安彦:アスリートはよく「タンパク質を◯◯g食べ、糖質を◯◯g食べるのが大事!」と指導されることが多いけれど、自分に必要な栄養素は何か?それを自分は消化・吸収できる環境・コンディションなのか?タイミングは自分にとって適切なのか?ということを考慮しないと、全く意味ないこともあるよね!このことをアスリートだけでなく、多くの運動をしている中高生に伝えたいね。

なりたい自分への「ヒント」を求めて

安彦:岡ちゃんに会うまでは「食べろ!とにかくアスリートは食べることで体を作る!」と言われることにうんざりしていたし、何を食べているのか?ばかりチェックされて自分自身をきちんと見ていないのではと感じていたけれど、岡ちゃんはきちんと自分の内面の部分と「データ」に現れてくる事実を通して、自分自身を見てくれているのを感じるね。
岡田:「素人は知ろうとする」もっと知ろうと探索する気持ちを忘れないようにするというのを常に大事にしています。自分が知っているというおごりは、相手を知ろうとする気持ちを薄れさせるのでいつまでも素人(知ろうと)でいようと思っています(笑)
安彦:良い言葉だね!!岡ちゃんに出会ってコンディションもいいし、何より楽しいよね!
岡田:それは嬉しいですね。
安彦:なりたい自分やなりたい姿を伝えたら、それを実現するにはどうしたらいいかを岡ちゃんがいくつか方法を提案してくれる。そこから自分で方法を選ぶし、さらに見つけに行く。その過程が楽しい。
岡田:現時点でアビさんのなりたい姿はありますか。
安彦:これからは格闘家として減量についての理論を確立したいと考えてるよ。自分で答えを探すために必要なヒントを教えてもらえるのがワクワクするね。とにかく、自分の体に疑問がある人、なりたい姿がある人は岡ちゃんに尋ねるのが良いと伝えたいね!

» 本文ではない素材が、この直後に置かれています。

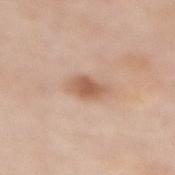  lighting: white-light
  site: back
  automated_metrics:
    area_mm2_approx: 5.5
    eccentricity: 0.8
    shape_asymmetry: 0.15
    cielab_L: 59
    cielab_a: 21
    cielab_b: 31
    vs_skin_darker_L: 12.0
    vs_skin_contrast_norm: 8.0
    border_irregularity_0_10: 2.0
    color_variation_0_10: 2.5
    nevus_likeness_0_100: 75
    lesion_detection_confidence_0_100: 100
  lesion_size:
    long_diameter_mm_approx: 3.5
  patient:
    sex: female
    age_approx: 50
  image:
    source: total-body photography crop
    field_of_view_mm: 15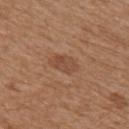Assessment: Part of a total-body skin-imaging series; this lesion was reviewed on a skin check and was not flagged for biopsy. Acquisition and patient details: A female patient, aged approximately 40. The total-body-photography lesion software estimated a lesion area of about 5.5 mm² and a shape-asymmetry score of about 0.25 (0 = symmetric). It also reported border irregularity of about 2.5 on a 0–10 scale and a color-variation rating of about 2.5/10. The analysis additionally found a nevus-likeness score of about 60/100 and lesion-presence confidence of about 100/100. The lesion is located on the right upper arm. Captured under white-light illumination. A 15 mm close-up tile from a total-body photography series done for melanoma screening.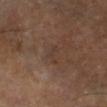  biopsy_status: not biopsied; imaged during a skin examination
  lighting: cross-polarized
  image:
    source: total-body photography crop
    field_of_view_mm: 15
  site: left lower leg
  patient:
    sex: female
    age_approx: 75
  lesion_size:
    long_diameter_mm_approx: 3.5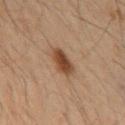Clinical impression:
Recorded during total-body skin imaging; not selected for excision or biopsy.
Context:
A male patient roughly 50 years of age. Automated tile analysis of the lesion measured a mean CIELAB color near L≈33 a*≈16 b*≈25, a lesion–skin lightness drop of about 11, and a lesion-to-skin contrast of about 10 (normalized; higher = more distinct). And it measured a nevus-likeness score of about 100/100 and a detector confidence of about 100 out of 100 that the crop contains a lesion. The lesion's longest dimension is about 3.5 mm. The lesion is on the mid back. A close-up tile cropped from a whole-body skin photograph, about 15 mm across. This is a cross-polarized tile.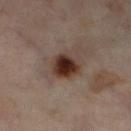Notes:
– follow-up · total-body-photography surveillance lesion; no biopsy
– location · the left lower leg
– patient · female, approximately 55 years of age
– acquisition · total-body-photography crop, ~15 mm field of view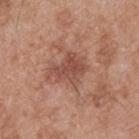No biopsy was performed on this lesion — it was imaged during a full skin examination and was not determined to be concerning. This is a white-light tile. Located on the upper back. The subject is a male in their mid-50s. Approximately 4 mm at its widest. A close-up tile cropped from a whole-body skin photograph, about 15 mm across.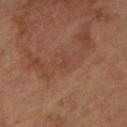The lesion is on the left lower leg. Longest diameter approximately 1.5 mm. A 15 mm close-up tile from a total-body photography series done for melanoma screening. A female patient in their mid- to late 60s. Imaged with cross-polarized lighting. The total-body-photography lesion software estimated an automated nevus-likeness rating near 0 out of 100.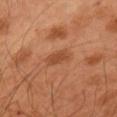• follow-up · catalogued during a skin exam; not biopsied
• image source · ~15 mm crop, total-body skin-cancer survey
• size · ~3 mm (longest diameter)
• illumination · cross-polarized
• body site · the left arm
• subject · male, aged approximately 50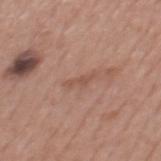body site: the back | automated metrics: a border-irregularity rating of about 5/10 and a color-variation rating of about 0/10; a lesion-detection confidence of about 95/100 | illumination: white-light | image source: total-body-photography crop, ~15 mm field of view | diameter: ~2.5 mm (longest diameter) | patient: male, aged around 55.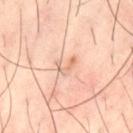follow-up = imaged on a skin check; not biopsied
subject = male, aged 38 to 42
location = the left thigh
acquisition = ~15 mm tile from a whole-body skin photo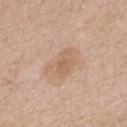Imaged during a routine full-body skin examination; the lesion was not biopsied and no histopathology is available.
From the chest.
A male subject aged 53 to 57.
Imaged with white-light lighting.
An algorithmic analysis of the crop reported an area of roughly 9.5 mm², an outline eccentricity of about 0.8 (0 = round, 1 = elongated), and two-axis asymmetry of about 0.3. It also reported a mean CIELAB color near L≈62 a*≈17 b*≈32, roughly 7 lightness units darker than nearby skin, and a lesion-to-skin contrast of about 5.5 (normalized; higher = more distinct).
A close-up tile cropped from a whole-body skin photograph, about 15 mm across.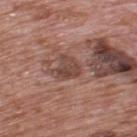Impression: This lesion was catalogued during total-body skin photography and was not selected for biopsy. Background: The patient is a male about 70 years old. The lesion is on the upper back. Cropped from a total-body skin-imaging series; the visible field is about 15 mm. Captured under white-light illumination. Measured at roughly 3 mm in maximum diameter.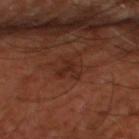Captured during whole-body skin photography for melanoma surveillance; the lesion was not biopsied.
The lesion is on the left thigh.
The subject is in their mid-60s.
Imaged with cross-polarized lighting.
The lesion's longest dimension is about 2.5 mm.
This image is a 15 mm lesion crop taken from a total-body photograph.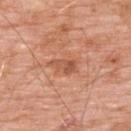Impression: The lesion was tiled from a total-body skin photograph and was not biopsied. Clinical summary: Captured under white-light illumination. A close-up tile cropped from a whole-body skin photograph, about 15 mm across. Automated tile analysis of the lesion measured a nevus-likeness score of about 0/100 and lesion-presence confidence of about 100/100. The lesion is on the upper back. A male subject in their 60s.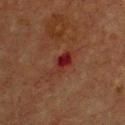Impression:
The lesion was tiled from a total-body skin photograph and was not biopsied.
Image and clinical context:
The patient is a male aged 73 to 77. From the front of the torso. Cropped from a whole-body photographic skin survey; the tile spans about 15 mm.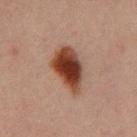Q: Is there a histopathology result?
A: imaged on a skin check; not biopsied
Q: How was this image acquired?
A: 15 mm crop, total-body photography
Q: Patient demographics?
A: male, in their 30s
Q: What is the lesion's diameter?
A: ~5.5 mm (longest diameter)
Q: Lesion location?
A: the mid back
Q: How was the tile lit?
A: cross-polarized illumination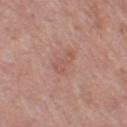Imaged during a routine full-body skin examination; the lesion was not biopsied and no histopathology is available.
The lesion is located on the left thigh.
The patient is a female aged around 50.
About 3 mm across.
Cropped from a whole-body photographic skin survey; the tile spans about 15 mm.
This is a white-light tile.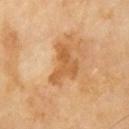Case summary:
• body site — the right upper arm
• subject — male, in their mid- to late 60s
• image source — 15 mm crop, total-body photography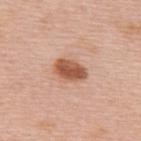The lesion was tiled from a total-body skin photograph and was not biopsied. The patient is a female aged 48 to 52. The lesion is on the upper back. A lesion tile, about 15 mm wide, cut from a 3D total-body photograph. This is a white-light tile. Longest diameter approximately 4 mm.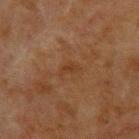Clinical impression:
No biopsy was performed on this lesion — it was imaged during a full skin examination and was not determined to be concerning.
Context:
The lesion is located on the upper back. About 2.5 mm across. The tile uses cross-polarized illumination. A male patient, aged 48–52. This image is a 15 mm lesion crop taken from a total-body photograph. An algorithmic analysis of the crop reported a lesion area of about 2.5 mm², an outline eccentricity of about 0.85 (0 = round, 1 = elongated), and a shape-asymmetry score of about 0.4 (0 = symmetric). It also reported a lesion color around L≈30 a*≈17 b*≈27 in CIELAB, roughly 4 lightness units darker than nearby skin, and a normalized border contrast of about 5. And it measured a detector confidence of about 100 out of 100 that the crop contains a lesion.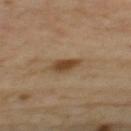On the upper back. Measured at roughly 3.5 mm in maximum diameter. The tile uses cross-polarized illumination. A close-up tile cropped from a whole-body skin photograph, about 15 mm across. The patient is a female in their mid- to late 40s.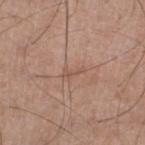{
  "biopsy_status": "not biopsied; imaged during a skin examination",
  "lighting": "white-light",
  "site": "left lower leg",
  "patient": {
    "sex": "male",
    "age_approx": 60
  },
  "image": {
    "source": "total-body photography crop",
    "field_of_view_mm": 15
  }
}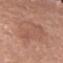Clinical impression:
This lesion was catalogued during total-body skin photography and was not selected for biopsy.
Clinical summary:
The recorded lesion diameter is about 10.5 mm. A female subject, in their mid-70s. From the head or neck. The tile uses white-light illumination. Automated tile analysis of the lesion measured border irregularity of about 5 on a 0–10 scale, a color-variation rating of about 3/10, and peripheral color asymmetry of about 1. The software also gave a classifier nevus-likeness of about 0/100 and a detector confidence of about 100 out of 100 that the crop contains a lesion. This image is a 15 mm lesion crop taken from a total-body photograph.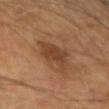Clinical summary:
This is a cross-polarized tile. Measured at roughly 4.5 mm in maximum diameter. Cropped from a whole-body photographic skin survey; the tile spans about 15 mm. The lesion is on the left forearm. The subject is a male about 70 years old.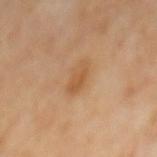Notes:
- workup · imaged on a skin check; not biopsied
- image · ~15 mm crop, total-body skin-cancer survey
- size · ~3.5 mm (longest diameter)
- subject · female, approximately 50 years of age
- anatomic site · the back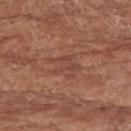Q: Is there a histopathology result?
A: imaged on a skin check; not biopsied
Q: How was this image acquired?
A: ~15 mm tile from a whole-body skin photo
Q: What are the patient's age and sex?
A: female, about 75 years old
Q: What is the anatomic site?
A: the left forearm
Q: What is the lesion's diameter?
A: ~3.5 mm (longest diameter)
Q: What lighting was used for the tile?
A: white-light illumination
Q: Automated lesion metrics?
A: an eccentricity of roughly 0.65 and two-axis asymmetry of about 0.5; a lesion color around L≈45 a*≈24 b*≈27 in CIELAB, roughly 6 lightness units darker than nearby skin, and a lesion-to-skin contrast of about 5 (normalized; higher = more distinct); a border-irregularity index near 7.5/10 and internal color variation of about 2 on a 0–10 scale; an automated nevus-likeness rating near 0 out of 100 and a detector confidence of about 95 out of 100 that the crop contains a lesion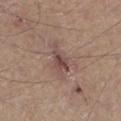The lesion was photographed on a routine skin check and not biopsied; there is no pathology result.
Captured under white-light illumination.
A 15 mm close-up extracted from a 3D total-body photography capture.
Located on the left lower leg.
A male patient, approximately 40 years of age.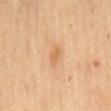Recorded during total-body skin imaging; not selected for excision or biopsy. The lesion is located on the mid back. Captured under cross-polarized illumination. A female patient aged approximately 70. A 15 mm close-up tile from a total-body photography series done for melanoma screening.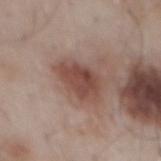Case summary:
– biopsy status — total-body-photography surveillance lesion; no biopsy
– image source — 15 mm crop, total-body photography
– lighting — white-light
– subject — male, aged 53 to 57
– body site — the mid back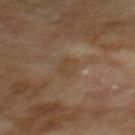Captured during whole-body skin photography for melanoma surveillance; the lesion was not biopsied. The lesion is located on the mid back. A 15 mm crop from a total-body photograph taken for skin-cancer surveillance. A male patient in their 70s.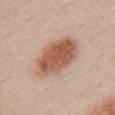Q: Was a biopsy performed?
A: no biopsy performed (imaged during a skin exam)
Q: Who is the patient?
A: female, aged 23–27
Q: What is the imaging modality?
A: ~15 mm crop, total-body skin-cancer survey
Q: Automated lesion metrics?
A: a lesion area of about 22 mm², a shape eccentricity near 0.85, and a symmetry-axis asymmetry near 0.15; an average lesion color of about L≈57 a*≈21 b*≈31 (CIELAB), roughly 14 lightness units darker than nearby skin, and a normalized border contrast of about 9.5
Q: Where on the body is the lesion?
A: the chest
Q: Illumination type?
A: white-light illumination
Q: What is the lesion's diameter?
A: about 7 mm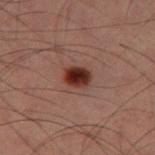Impression:
Imaged during a routine full-body skin examination; the lesion was not biopsied and no histopathology is available.
Clinical summary:
A male subject aged approximately 60. A 15 mm crop from a total-body photograph taken for skin-cancer surveillance. Located on the left thigh. Captured under cross-polarized illumination. Automated image analysis of the tile measured border irregularity of about 1.5 on a 0–10 scale, a color-variation rating of about 5/10, and a peripheral color-asymmetry measure near 1.5.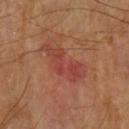Findings:
• notes — no biopsy performed (imaged during a skin exam)
• acquisition — 15 mm crop, total-body photography
• tile lighting — cross-polarized
• location — the arm
• lesion size — ≈6 mm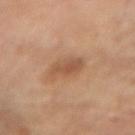Assessment:
The lesion was tiled from a total-body skin photograph and was not biopsied.
Context:
A male subject roughly 55 years of age. From the right forearm. The recorded lesion diameter is about 3.5 mm. The tile uses cross-polarized illumination. A 15 mm close-up tile from a total-body photography series done for melanoma screening.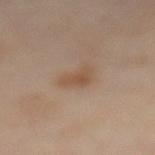workup: total-body-photography surveillance lesion; no biopsy | image: ~15 mm tile from a whole-body skin photo | lighting: cross-polarized illumination | automated metrics: an automated nevus-likeness rating near 25 out of 100 and a lesion-detection confidence of about 100/100 | site: the abdomen | diameter: ≈3 mm | patient: female, about 50 years old.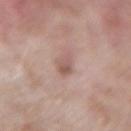Captured during whole-body skin photography for melanoma surveillance; the lesion was not biopsied.
A male subject aged 58 to 62.
On the left forearm.
A 15 mm close-up extracted from a 3D total-body photography capture.
The tile uses white-light illumination.
Longest diameter approximately 3 mm.
An algorithmic analysis of the crop reported a footprint of about 4 mm², an eccentricity of roughly 0.85, and a shape-asymmetry score of about 0.25 (0 = symmetric). And it measured a lesion color around L≈56 a*≈19 b*≈23 in CIELAB and a lesion–skin lightness drop of about 9. And it measured a border-irregularity rating of about 2.5/10 and a peripheral color-asymmetry measure near 1.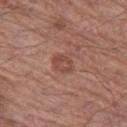The lesion was photographed on a routine skin check and not biopsied; there is no pathology result. Imaged with white-light lighting. Located on the left thigh. The patient is a male approximately 75 years of age. Automated image analysis of the tile measured a mean CIELAB color near L≈47 a*≈23 b*≈26, roughly 8 lightness units darker than nearby skin, and a normalized border contrast of about 6. A 15 mm close-up extracted from a 3D total-body photography capture. The lesion's longest dimension is about 3 mm.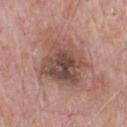The lesion was photographed on a routine skin check and not biopsied; there is no pathology result. A lesion tile, about 15 mm wide, cut from a 3D total-body photograph. Approximately 6.5 mm at its widest. A male subject approximately 70 years of age. The lesion is located on the chest. Imaged with white-light lighting.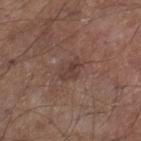acquisition: total-body-photography crop, ~15 mm field of view | diameter: about 3 mm | site: the leg | subject: male, about 55 years old | TBP lesion metrics: a shape eccentricity near 0.85 and a shape-asymmetry score of about 0.35 (0 = symmetric); roughly 7 lightness units darker than nearby skin and a lesion-to-skin contrast of about 6 (normalized; higher = more distinct); a within-lesion color-variation index near 3/10 and radial color variation of about 1 | illumination: white-light.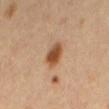| key | value |
|---|---|
| notes | catalogued during a skin exam; not biopsied |
| subject | female, aged around 35 |
| lighting | cross-polarized illumination |
| image source | ~15 mm crop, total-body skin-cancer survey |
| size | about 3.5 mm |
| anatomic site | the mid back |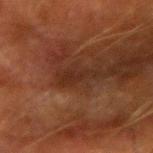{
  "biopsy_status": "not biopsied; imaged during a skin examination",
  "site": "left forearm",
  "patient": {
    "sex": "male",
    "age_approx": 65
  },
  "image": {
    "source": "total-body photography crop",
    "field_of_view_mm": 15
  },
  "lesion_size": {
    "long_diameter_mm_approx": 4.0
  },
  "automated_metrics": {
    "area_mm2_approx": 4.0,
    "shape_asymmetry": 0.45,
    "border_irregularity_0_10": 6.0,
    "color_variation_0_10": 1.0,
    "peripheral_color_asymmetry": 0.5,
    "lesion_detection_confidence_0_100": 70
  },
  "lighting": "cross-polarized"
}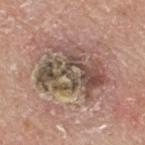Captured during whole-body skin photography for melanoma surveillance; the lesion was not biopsied. The lesion is on the upper back. A male patient approximately 80 years of age. Automated image analysis of the tile measured a border-irregularity index near 6.5/10 and a color-variation rating of about 10/10. The analysis additionally found a nevus-likeness score of about 0/100 and a detector confidence of about 70 out of 100 that the crop contains a lesion. Cropped from a whole-body photographic skin survey; the tile spans about 15 mm. Approximately 7.5 mm at its widest.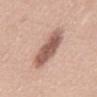Impression: No biopsy was performed on this lesion — it was imaged during a full skin examination and was not determined to be concerning. Background: Approximately 6 mm at its widest. A male patient, aged 48–52. A 15 mm close-up extracted from a 3D total-body photography capture. The tile uses white-light illumination. Automated tile analysis of the lesion measured a footprint of about 15 mm² and an outline eccentricity of about 0.85 (0 = round, 1 = elongated). It also reported a lesion color around L≈57 a*≈21 b*≈25 in CIELAB and about 15 CIELAB-L* units darker than the surrounding skin. The lesion is on the abdomen.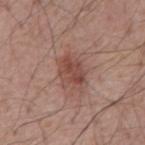Imaged during a routine full-body skin examination; the lesion was not biopsied and no histopathology is available. From the mid back. The patient is a male aged around 55. Captured under white-light illumination. The lesion's longest dimension is about 4.5 mm. A 15 mm close-up tile from a total-body photography series done for melanoma screening.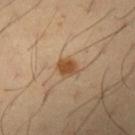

既成概念にとらわれずにTry&Errorを続ける安彦さん。自分のトリセツ(取扱説明書)作りを通して、己を知ることは本当の強さに繋がります。さらに楽しみながら継続しているところにも強さの理由を垣間見ることができました。時を重ねる毎に進化し続けるために「データ」と「感覚」から正解を探し求める二人三脚が続きます。終わることがない安彦さんのチャレンジにこれからも目が離せません。